**Prompt**
Without including any images, please transcribe all the lines below exactly.

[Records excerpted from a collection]
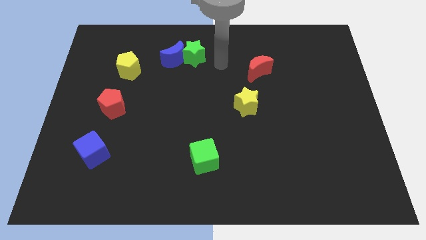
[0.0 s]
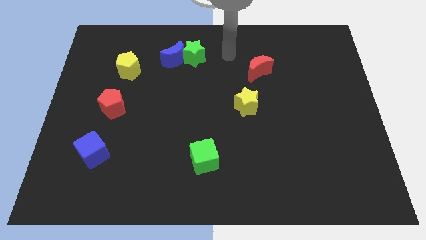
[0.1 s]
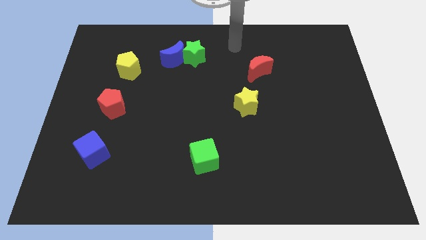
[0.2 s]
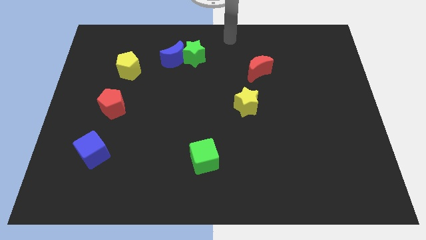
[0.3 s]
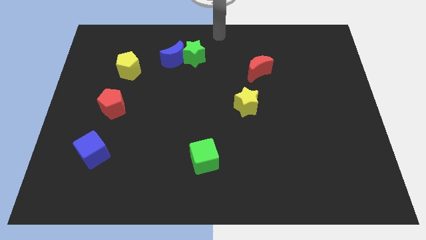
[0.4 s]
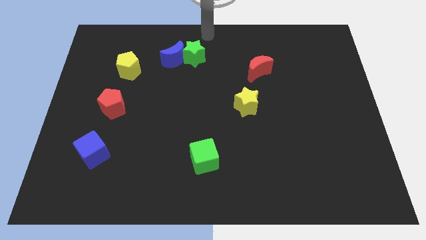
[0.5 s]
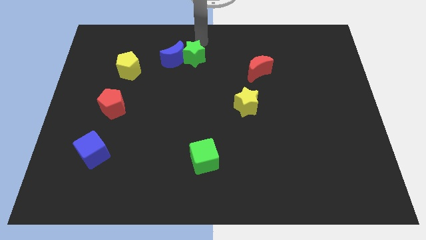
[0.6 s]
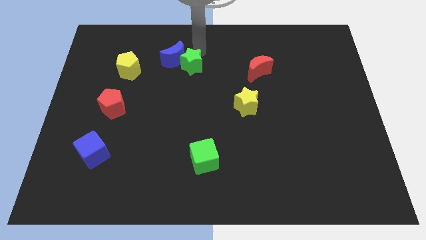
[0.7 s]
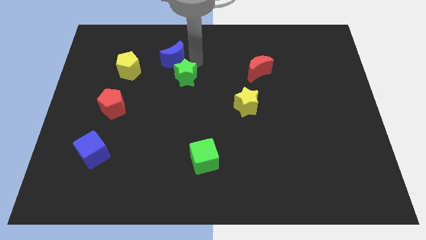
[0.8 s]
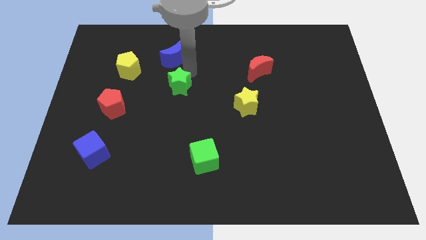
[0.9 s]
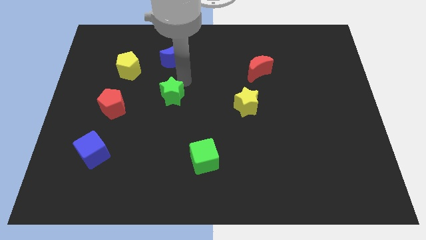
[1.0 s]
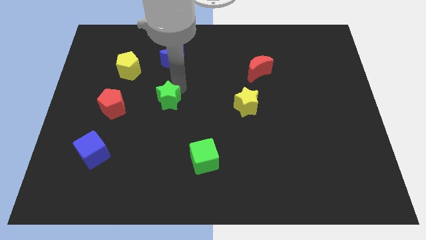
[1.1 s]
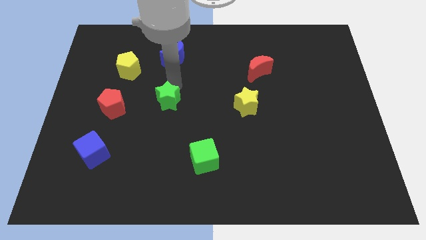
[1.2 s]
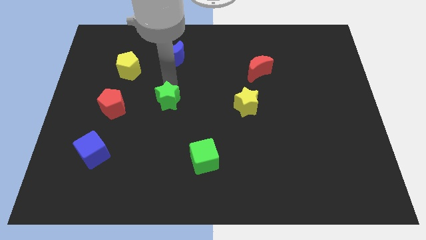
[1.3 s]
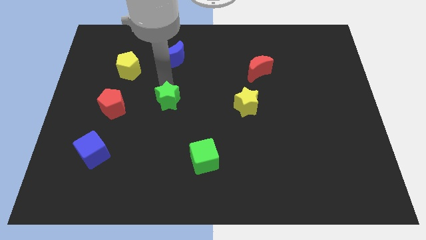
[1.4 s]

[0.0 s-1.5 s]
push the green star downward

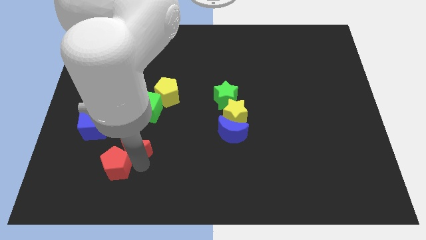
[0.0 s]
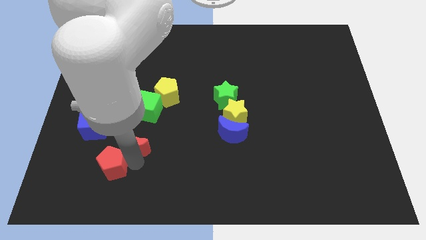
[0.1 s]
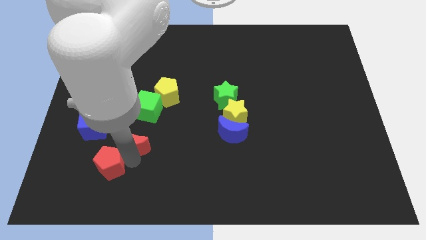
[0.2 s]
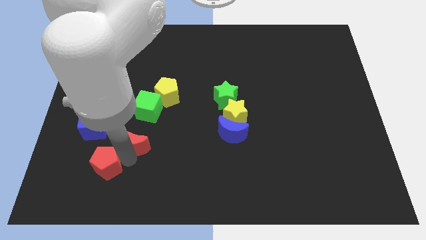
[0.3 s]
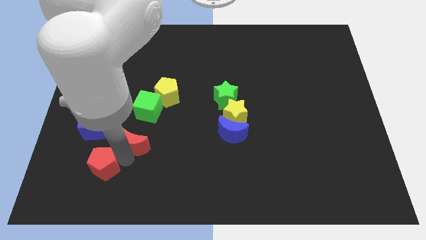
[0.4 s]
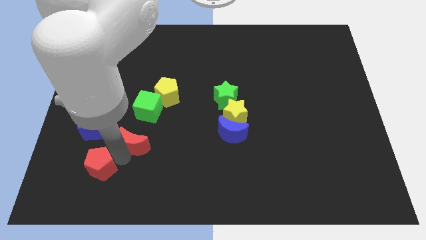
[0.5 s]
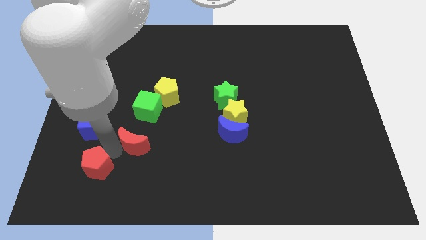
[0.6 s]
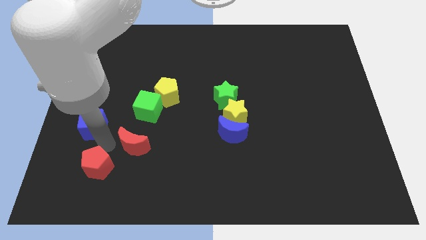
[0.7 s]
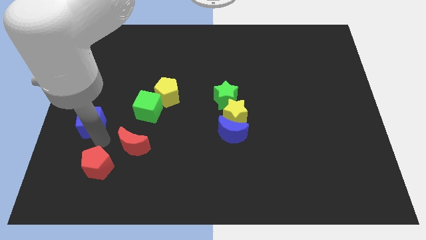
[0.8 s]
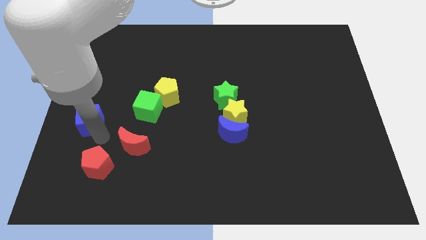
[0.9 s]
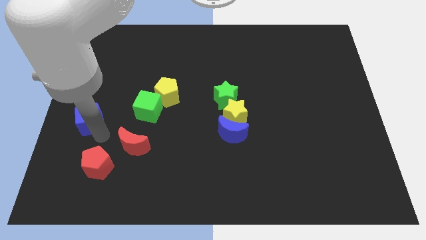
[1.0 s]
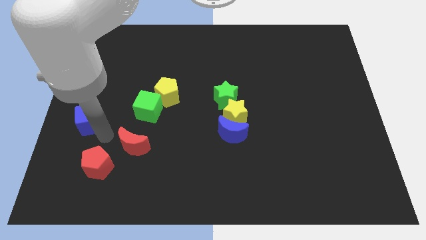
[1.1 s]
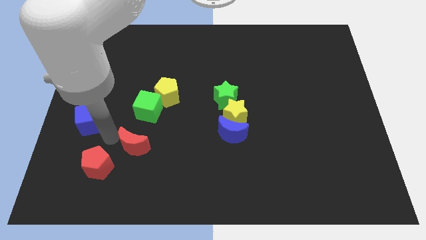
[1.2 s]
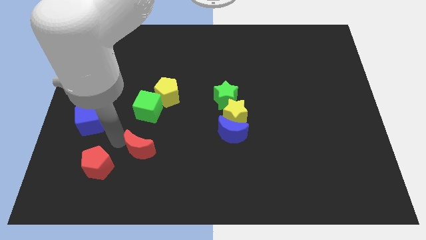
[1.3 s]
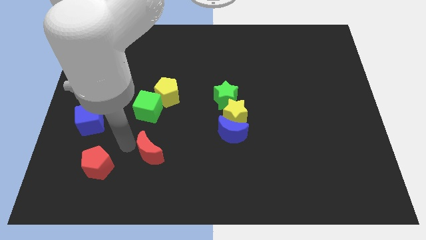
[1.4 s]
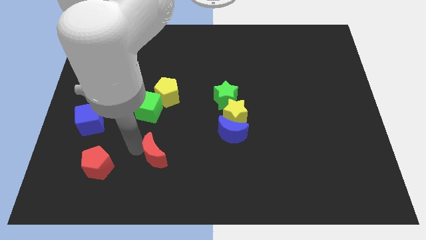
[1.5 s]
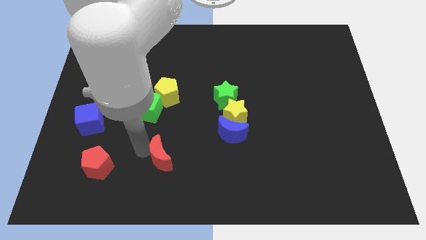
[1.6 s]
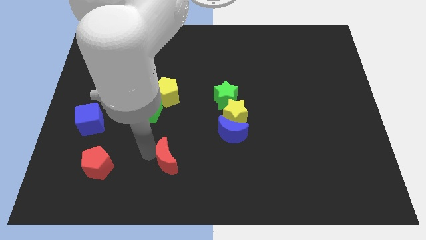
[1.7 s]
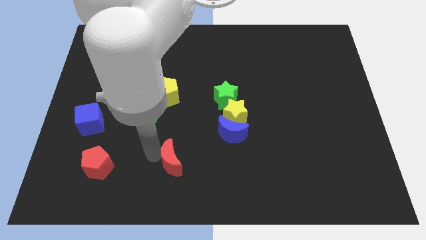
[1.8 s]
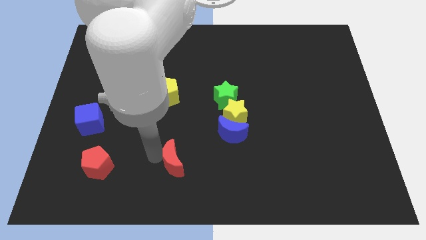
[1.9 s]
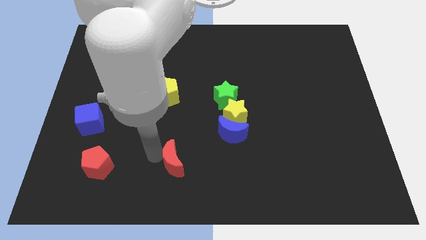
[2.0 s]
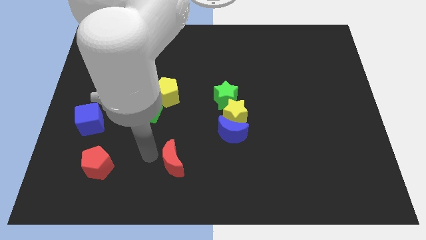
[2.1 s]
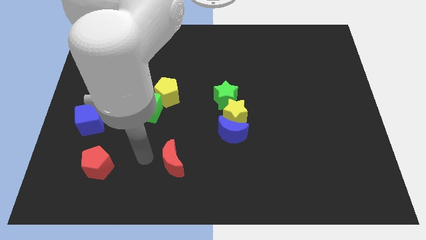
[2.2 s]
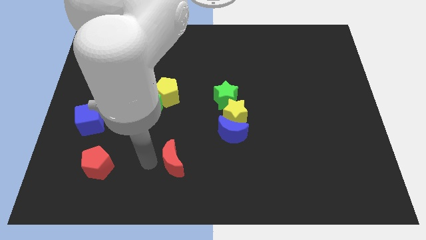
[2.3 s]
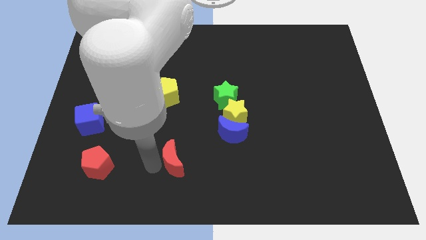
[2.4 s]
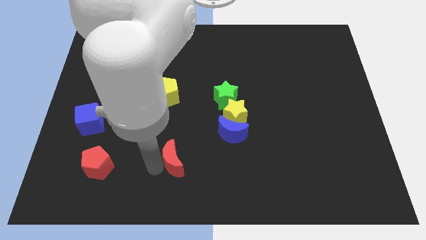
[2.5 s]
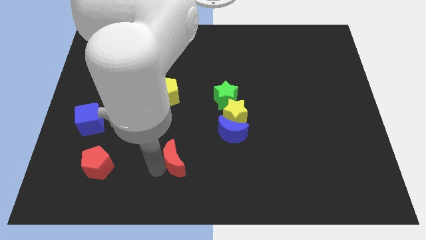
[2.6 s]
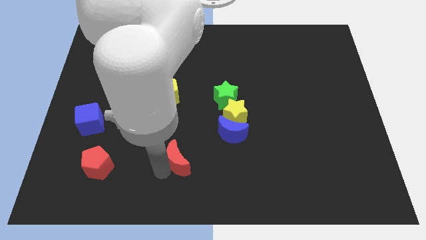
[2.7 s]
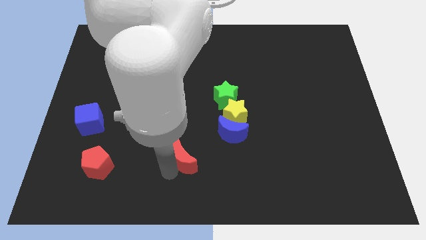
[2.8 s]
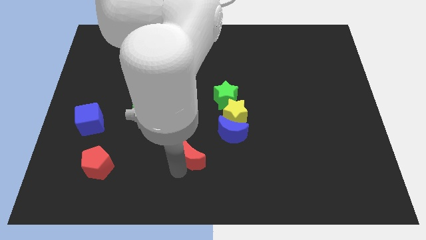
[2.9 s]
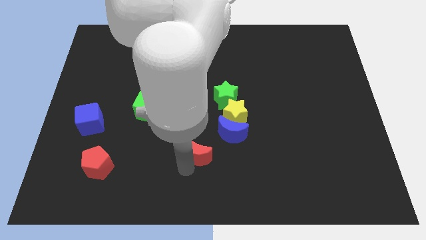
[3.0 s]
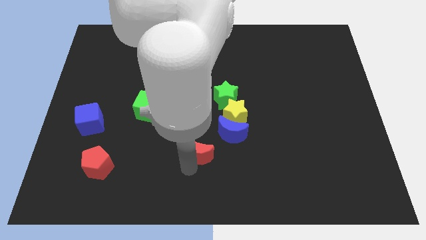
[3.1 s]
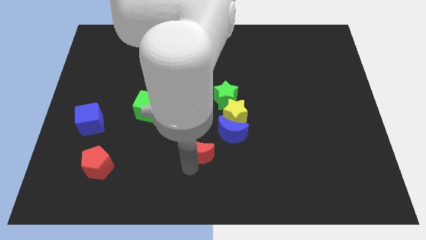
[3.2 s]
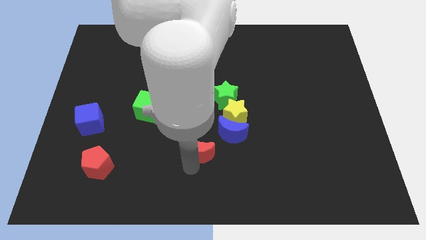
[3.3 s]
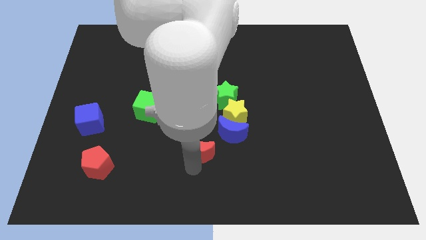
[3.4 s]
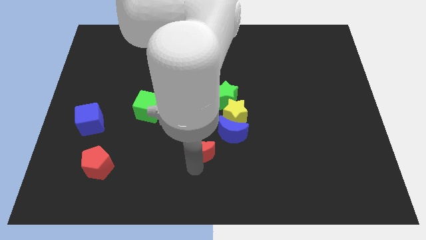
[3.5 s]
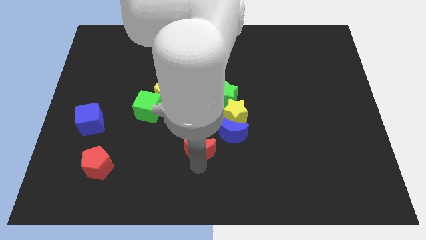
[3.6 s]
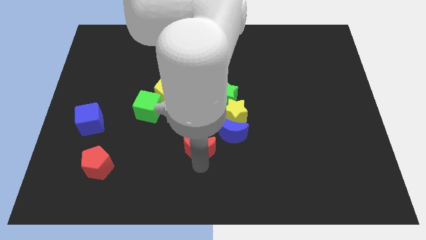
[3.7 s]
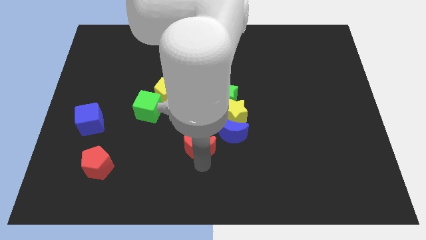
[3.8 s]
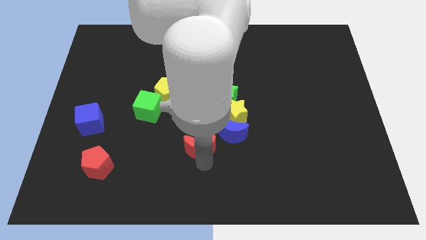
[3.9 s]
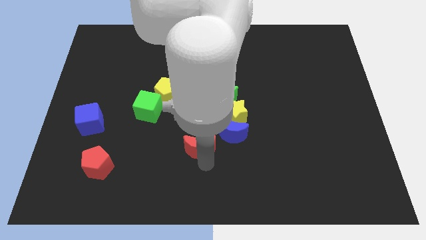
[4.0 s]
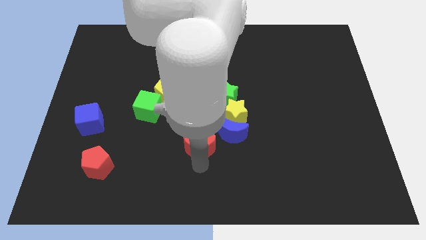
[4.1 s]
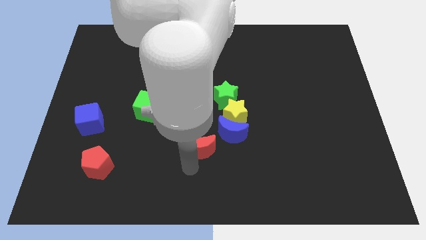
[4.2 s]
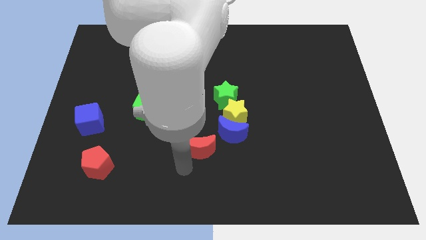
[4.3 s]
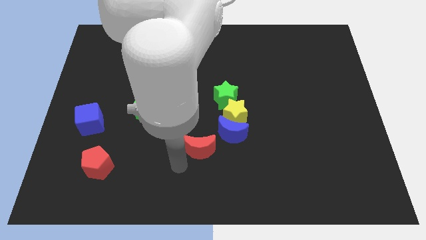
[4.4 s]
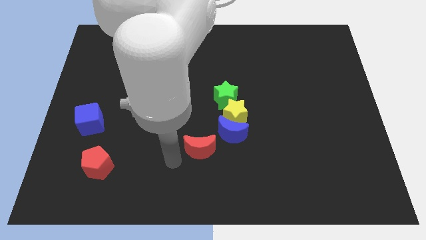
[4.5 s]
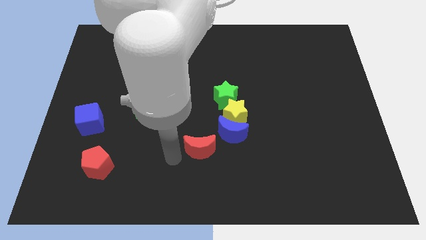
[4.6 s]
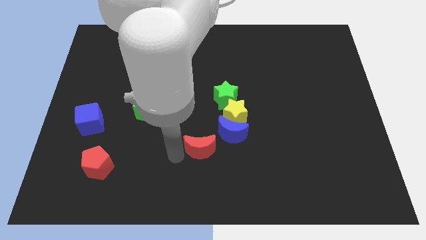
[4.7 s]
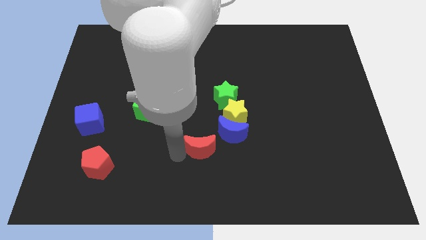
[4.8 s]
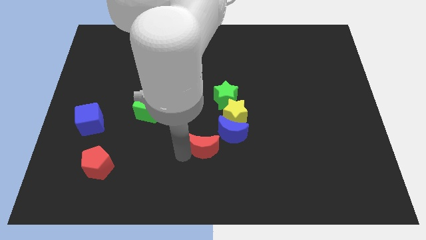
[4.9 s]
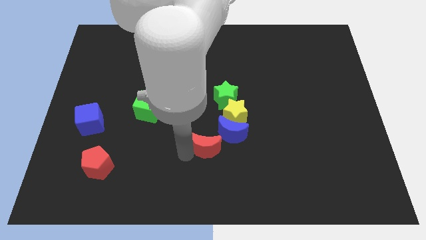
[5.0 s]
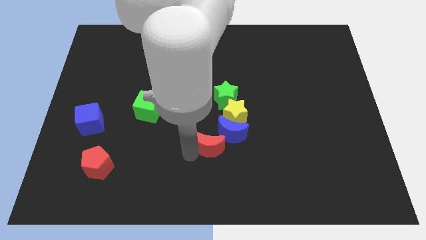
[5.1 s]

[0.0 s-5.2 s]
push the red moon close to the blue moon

**Answer box**
[0.0 s]
[0.1 s]
[0.2 s]
[0.3 s]
[0.4 s]
[0.5 s]
[0.6 s]
[0.7 s]
[0.8 s]
[0.9 s]
[1.0 s]
[1.1 s]
[1.2 s]
[1.3 s]
[1.4 s]

[0.0 s-1.5 s]
push the green star downward

[0.0 s]
[0.1 s]
[0.2 s]
[0.3 s]
[0.4 s]
[0.5 s]
[0.6 s]
[0.7 s]
[0.8 s]
[0.9 s]
[1.0 s]
[1.1 s]
[1.2 s]
[1.3 s]
[1.4 s]
[1.5 s]
[1.6 s]
[1.7 s]
[1.8 s]
[1.9 s]
[2.0 s]
[2.1 s]
[2.2 s]
[2.3 s]
[2.4 s]
[2.5 s]
[2.6 s]
[2.7 s]
[2.8 s]
[2.9 s]
[3.0 s]
[3.1 s]
[3.2 s]
[3.3 s]
[3.4 s]
[3.5 s]
[3.6 s]
[3.7 s]
[3.8 s]
[3.9 s]
[4.0 s]
[4.1 s]
[4.2 s]
[4.3 s]
[4.4 s]
[4.5 s]
[4.6 s]
[4.7 s]
[4.8 s]
[4.9 s]
[5.0 s]
[5.1 s]

[0.0 s-5.2 s]
push the red moon close to the blue moon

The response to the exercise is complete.